▶ _RECORDS FOR THIS EXERCISE_:

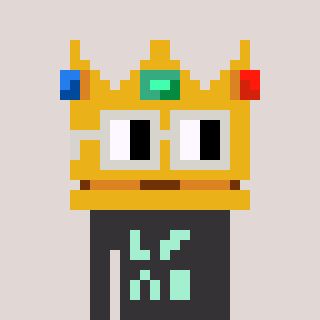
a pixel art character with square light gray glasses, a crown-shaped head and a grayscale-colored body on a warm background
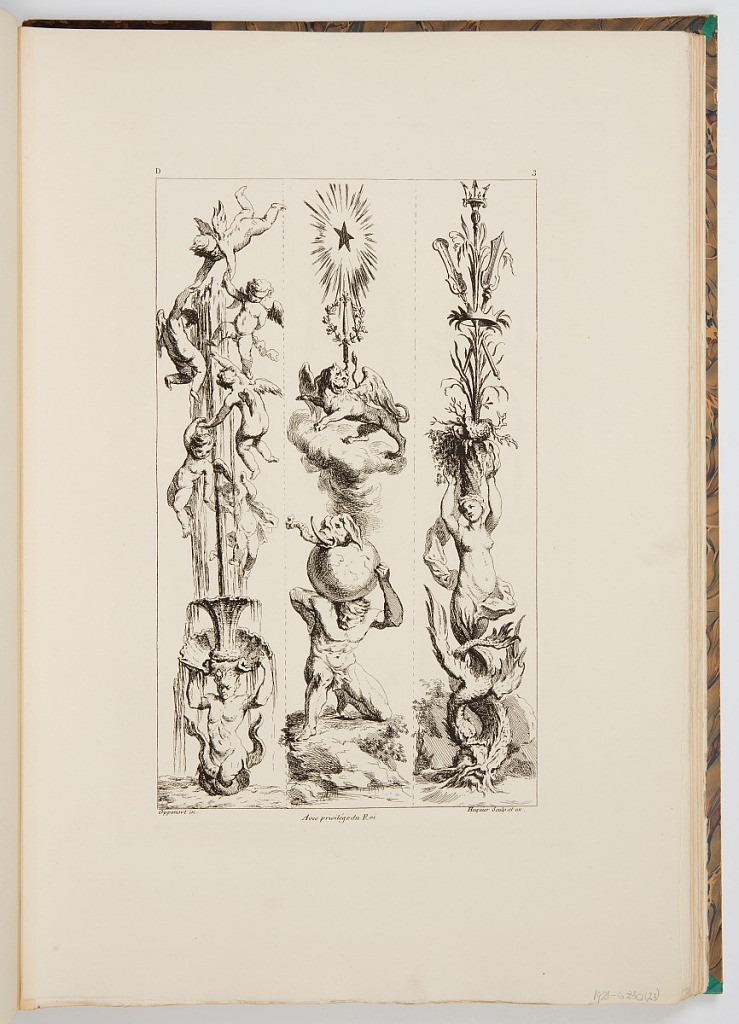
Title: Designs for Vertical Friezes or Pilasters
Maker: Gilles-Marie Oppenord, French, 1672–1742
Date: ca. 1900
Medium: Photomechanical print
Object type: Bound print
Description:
--
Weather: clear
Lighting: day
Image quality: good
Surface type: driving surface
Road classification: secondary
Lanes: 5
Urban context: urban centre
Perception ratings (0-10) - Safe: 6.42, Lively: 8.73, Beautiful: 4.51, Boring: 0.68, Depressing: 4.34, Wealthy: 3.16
...
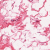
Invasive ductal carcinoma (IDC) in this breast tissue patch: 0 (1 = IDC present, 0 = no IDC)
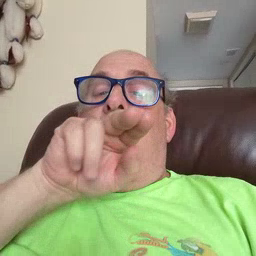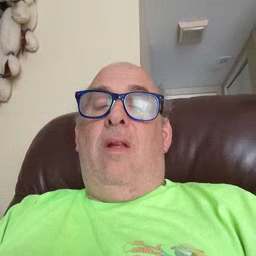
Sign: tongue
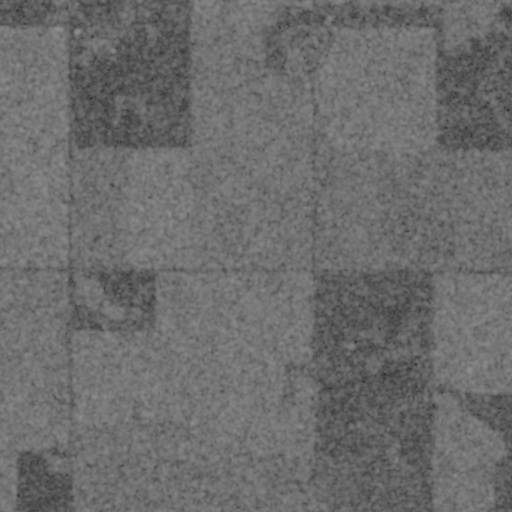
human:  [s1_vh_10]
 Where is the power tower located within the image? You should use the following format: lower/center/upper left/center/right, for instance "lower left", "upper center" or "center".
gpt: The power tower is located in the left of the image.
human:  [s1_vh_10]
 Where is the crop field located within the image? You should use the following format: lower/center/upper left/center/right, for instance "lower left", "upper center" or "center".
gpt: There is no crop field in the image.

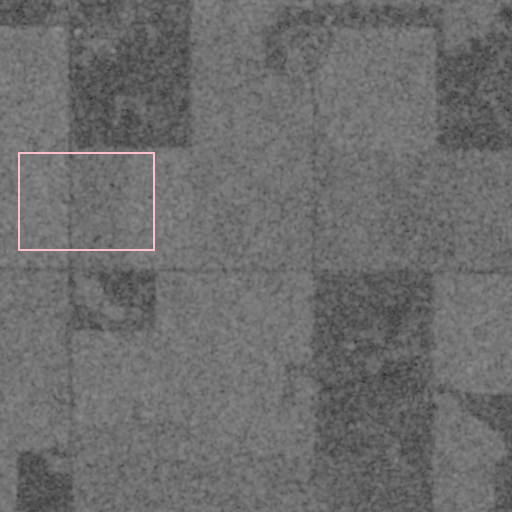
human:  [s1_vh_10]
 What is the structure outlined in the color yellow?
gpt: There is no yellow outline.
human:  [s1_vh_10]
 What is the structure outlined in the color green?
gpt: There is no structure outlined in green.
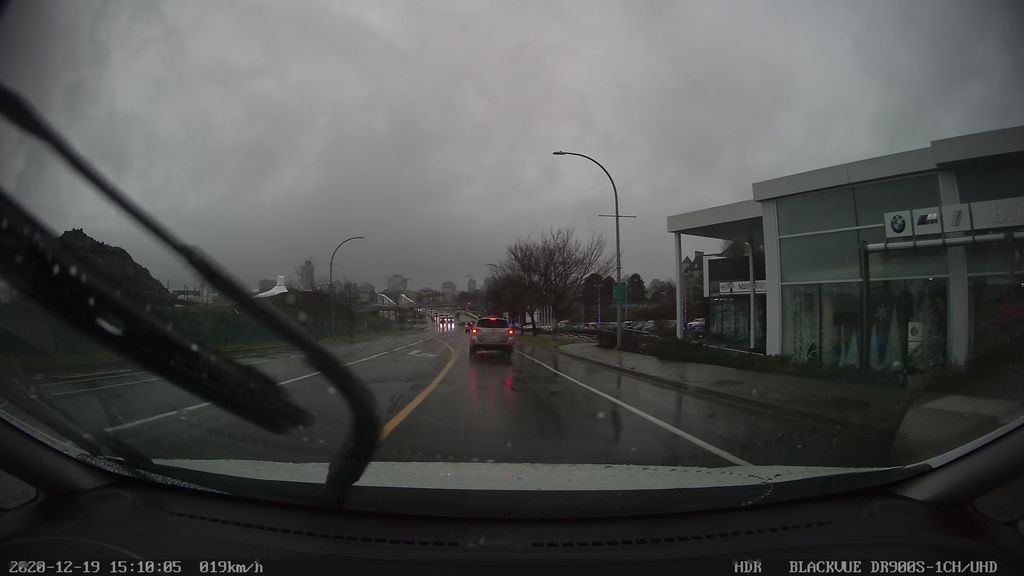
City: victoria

▶ _WORK TASK_:
Above are some records. Reproduce the lines from the one with "Where is the crop" down to the one with "City: victoria", keeping both, and leave every picture out.

▶ _RESPONSE_:
 Where is the crop field located within the image? You should use the following format: lower/center/upper left/center/right, for instance "lower left", "upper center" or "center".
gpt: There is no crop field in the image.

human:  [s1_vh_10]
 What is the structure outlined in the color yellow?
gpt: There is no yellow outline.
human:  [s1_vh_10]
 What is the structure outlined in the color green?
gpt: There is no structure outlined in green.
City: victoria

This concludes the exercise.